On Sun, Jul 16, 2023 at 7:39 PM Jens Timmerman <j...@caret.be> wrote:
>
> On 03/07/2023 16:59, i...@esec-service.de wrote:
> > Document Title:
> > ===============
> > Citrix Gateway&Cloud MFA - Insufficient Session Validation Vulnerability
> >
> >
> > Technical Details & Description:
> > ================================
> > An insufficient session validation web vulnerability was discovered in
> > the Citrix Gateway (ADC/NetScaler) 13.0 & 13.1 web-application, Cloud
> > and AAA Feature.
> > The security vulnerability allows remote attackers to bypass the mfa
> > function by hijacking the session data of an active user (non expired
> > session) to followup
> > with further compromising attacks.
>
>
> I've been working with a lot of products I believe that are vulnerable
> to a very similar exploit, and I was wondering how one should fix
> this/protect against this attack?
>
> I looked at
> https://owasp.org/www-community/attacks/Session_hijacking_attack
> <https://owasp.org/www-community/attacks/Session_hijacking_attack> but
> the page linking to the related controls doesn't seem to exist.
>
> On
> https://cheatsheetseries.owasp.org/cheatsheets/Session_Management_Cheat_Sheet.html
> I can read.
>
> With the goal of detecting (and, in some scenarios, protecting against)
> user misbehaviors and session hijacking, it is highly recommended to
> bind the session ID to other user or client properties, such as the
> client IP address, User-Agent, or client-based digital certificate.
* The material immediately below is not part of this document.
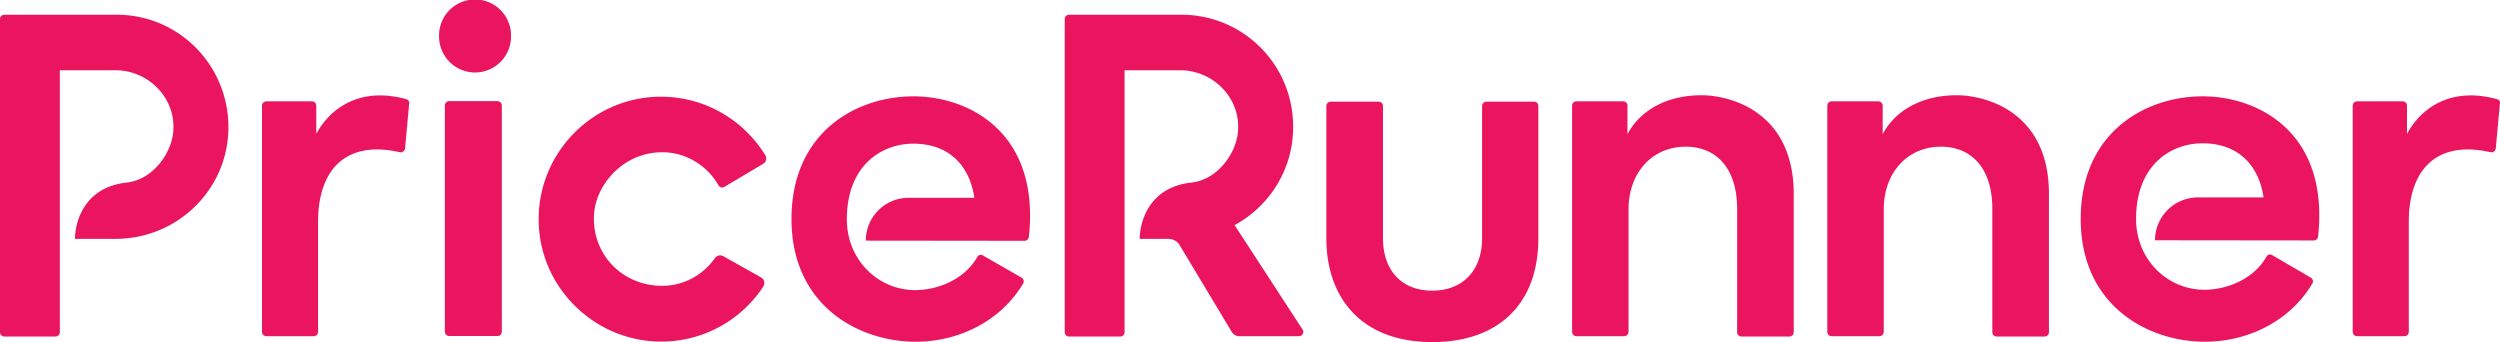 <svg xmlns="http://www.w3.org/2000/svg" width="1280" height="175.143" viewBox="0 0 338.667 46.34" xmlns:v="https://vecta.io/nano"><g transform="translate(-124.775 -175.654)" fill="#eb145f"><path d="M194.001 180.527a4.874 4.874 0 1 1-9.747 0 4.874 4.874 0 1 1 9.747 0z"/><path d="M332.615 189.43h-6.484a.59.59 0 0 0-.581.581v17.927c0 4.258-2.54 7.088-6.75 7.088-4.234 0-6.677-2.831-6.677-7.088v-17.927a.59.59 0 0 0-.581-.581h-6.508a.59.59 0 0 0-.581.581v17.927c0 8.056 4.742 14.056 14.346 14.056 9 0 14.37-5.201 14.37-14.056v-17.927c0-.315-.242-.581-.556-.581zm22.644-.871c-4.693 0-8.322 2.056-10.016 5.274v-3.871a.59.59 0 0 0-.581-.581h-6.339a.59.59 0 0 0-.581.581v30.652a.59.59 0 0 0 .581.581h6.484a.59.59 0 0 0 .581-.581v-16.596c0-4.984 3.218-8.492 7.742-8.492 4.234 0 6.967 3.024 6.967 8.395v16.741a.59.59 0 0 0 .581.581h6.508a.59.59 0 0 0 .581-.581v-18.798c-.048-11.129-8.637-13.306-12.508-13.306zm34.572 0c-4.693 0-8.322 2.056-10.016 5.274v-3.871a.59.59 0 0 0-.581-.581h-6.339a.59.59 0 0 0-.581.581v30.652a.59.59 0 0 0 .581.581h6.484a.59.59 0 0 0 .581-.581v-16.596c0-4.984 3.218-8.492 7.742-8.492 4.234 0 6.967 3.024 6.967 8.395v16.741a.59.59 0 0 0 .581.581h6.508a.59.59 0 0 0 .581-.581v-18.798c-.024-11.129-8.637-13.306-12.508-13.306zm-249.258-10.911h-15.217a.59.59 0 0 0-.581.581v42.434a.59.59 0 0 0 .581.581h6.943a.59.59 0 0 0 .581-.581v-35.491h7.548c4.306 0 7.959 3.532 7.838 7.838 0 3.048-2.613 6.992-6.363 7.379-5.855.653-6.968 5.516-6.968 7.621h5.492c8.322 0 15.145-6.58 15.29-14.879.121-8.588-6.701-15.483-15.145-15.483zm51.603 11.71h-6.556a.59.59 0 0 0-.581.581v30.652a.59.59 0 0 0 .581.581h6.556a.59.59 0 0 0 .581-.581v-30.652a.59.59 0 0 0-.581-.581zm99.843 16.79c4.645-2.516 7.838-7.379 7.935-13.04.145-8.564-6.677-15.459-15.145-15.459h-15.217a.59.59 0 0 0-.581.581v42.434a.59.59 0 0 0 .581.581h6.943a.59.59 0 0 0 .581-.581v-35.491h7.548c4.306 0 7.959 3.532 7.838 7.838 0 3.048-2.613 6.992-6.363 7.379-5.855.653-6.968 5.516-6.968 7.621h3.919c.605.024 1.185.315 1.5.871l7.064 11.758c.218.339.581.556.992.556h8.105c.46 0 .726-.508.484-.895zm-43.498-17.443c-7.814 0-16.524 4.911-16.524 16.62s9.072 16.62 16.814 16.62c6.193 0 11.733-3.072 14.564-7.887.169-.266.073-.629-.218-.798l-5.226-3c-.266-.169-.629-.073-.774.218-1.645 2.927-5.201 4.476-8.419 4.476-4.887 0-9.242-3.968-9.242-9.605 0-7.185 4.597-10.234 9.024-10.234 4.766 0 7.597 2.927 8.25 7.33h-8.903a5.81 5.81 0 0 0-5.806 5.806l21.507.024c.29 0 .532-.218.581-.508 1.548-14.201-8.153-19.064-15.629-19.064zm174.647 0c-7.814 0-16.524 4.911-16.524 16.62s9.072 16.62 16.814 16.62c6.193 0 11.733-3.072 14.564-7.887.169-.266.073-.629-.218-.798l-5.226-3.048c-.266-.169-.629-.073-.774.218-1.645 2.927-5.201 4.476-8.419 4.476-4.887 0-9.242-3.968-9.242-9.605 0-7.185 4.597-10.234 9.024-10.234 4.766 0 7.597 2.927 8.25 7.33h-8.903a5.81 5.81 0 0 0-5.806 5.806l21.507.024c.29 0 .532-.218.581-.508 1.548-14.153-8.153-19.015-15.628-19.015zm-243.354.387c-6.218-1.718-10.282 1.161-12.193 4.693v-3.822a.59.59 0 0 0-.581-.581h-6.193a.59.59 0 0 0-.581.581v30.652a.59.59 0 0 0 .581.581h6.435a.59.59 0 0 0 .581-.581v-14.951c0-6.605 3.387-11.129 11.08-9.387.339.073.653-.169.702-.508l.556-6.072c.073-.29-.121-.532-.387-.605zm283.224 0c-6.218-1.718-10.282 1.161-12.193 4.693v-3.822a.59.59 0 0 0-.581-.581h-6.193a.59.59 0 0 0-.581.581v30.652a.59.59 0 0 0 .581.581h6.435a.59.59 0 0 0 .581-.581v-14.951c0-6.605 3.387-11.129 11.08-9.387.339.073.653-.169.702-.508l.556-6.072c.073-.29-.097-.532-.387-.605zm-248.532 7.185c3.145 0 6.072 1.79 7.597 4.476.169.29.508.387.798.218l5.25-3.121c.411-.242.556-.774.29-1.185-2.927-4.742-8.153-7.911-14.129-7.911-9.387 0-16.983 7.887-16.548 17.37.387 8.637 7.524 15.58 16.161 15.798 5.951.145 11.225-2.831 14.25-7.451.266-.411.145-.968-.29-1.234l-5.129-2.879c-.387-.218-.871-.097-1.137.266-1.597 2.274-4.21 3.75-7.137 3.75-5.734 0-9.798-4.742-9.193-10.088.411-3.75 3.968-8.008 9.217-8.008z" clip-path="none"/></g></svg>

If
> the web application detects any change or anomaly between these
> different properties in the middle of an established session, this is a
> very good indicator of session manipulation and hijacking attempts, and
> this simple fact can be used to alert and/or terminate the suspicious
> session.
>
> So binding a session server side to an ip address and browser
> fingerprint can detect if this is ongoing, but a sophisticated attacker
> could still pull this off.
>
> Can someone point me to some information on what the industry best
> practices are to protect against this type of attack?

There's also https://en.wikipedia.org/wiki/Session_hijacking#Prevention

One thing Jim Manico of OWASP recommends is to (re)prompt the user for
their password on occasion, like when performing a high value
operation. That will effectively re-authenticate a user before a high
value operation. Attackers with a cookie but without the user's
password should fail the re-authentication challenge.